Assignment => Take the entries below and write them out exactly, with each picture removed.

Collection entries:
----

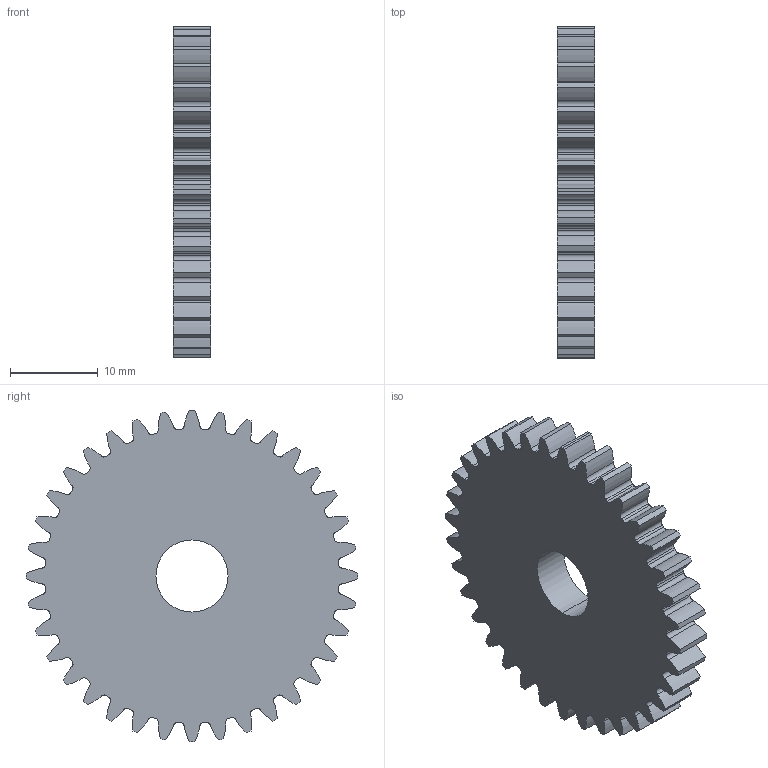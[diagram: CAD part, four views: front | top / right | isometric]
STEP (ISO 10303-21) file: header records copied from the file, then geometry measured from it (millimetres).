
FILE_DESCRIPTION (( 'STEP AP214' ), '1' );
FILE_NAME ('PLANETS_J3.STEP', '2021-04-07T10:01:05', ( '' ), ( '' ), 'SwSTEP 2.0', 'SolidWorks 2020', '' );
FILE_SCHEMA (( 'AUTOMOTIVE_DESIGN' ));
Length unit declared in the file: millimetre
Products named in the file (1): PLANETS_J3
Bounding box: 4.3 x 37.8 x 37.8 mm (x, y, z)
Volume: 4036.3 mm3; surface area: 2914.8 mm2
Topology: 1 solids, 1 shells, 237 faces, 705 edges, 470 vertices
Faces by surface type: cylinder 163, bspline 72, plane 2
Entity records: 8575 total; most frequent: CARTESIAN_POINT 2349, ORIENTED_EDGE 1410, DIRECTION 1219, EDGE_CURVE 705, AXIS2_PLACEMENT_3D 492, VERTEX_POINT 470, CIRCLE 326, EDGE_LOOP 239

----

Solution to the exercise =>
[diagram: CAD part, four views: front | top / right | isometric]
STEP (ISO 10303-21) file: header records copied from the file, then geometry measured from it (millimetres).
FILE_DESCRIPTION (( 'STEP AP214' ), '1' );
FILE_NAME ('PLANETS_J3.STEP', '2021-04-07T10:01:05', ( '' ), ( '' ), 'SwSTEP 2.0', 'SolidWorks 2020', '' );
FILE_SCHEMA (( 'AUTOMOTIVE_DESIGN' ));
Length unit declared in the file: millimetre
Products named in the file (1): PLANETS_J3
Bounding box: 4.3 x 37.8 x 37.8 mm (x, y, z)
Volume: 4036.3 mm3; surface area: 2914.8 mm2
Topology: 1 solids, 1 shells, 237 faces, 705 edges, 470 vertices
Faces by surface type: cylinder 163, bspline 72, plane 2
Entity records: 8575 total; most frequent: CARTESIAN_POINT 2349, ORIENTED_EDGE 1410, DIRECTION 1219, EDGE_CURVE 705, AXIS2_PLACEMENT_3D 492, VERTEX_POINT 470, CIRCLE 326, EDGE_LOOP 239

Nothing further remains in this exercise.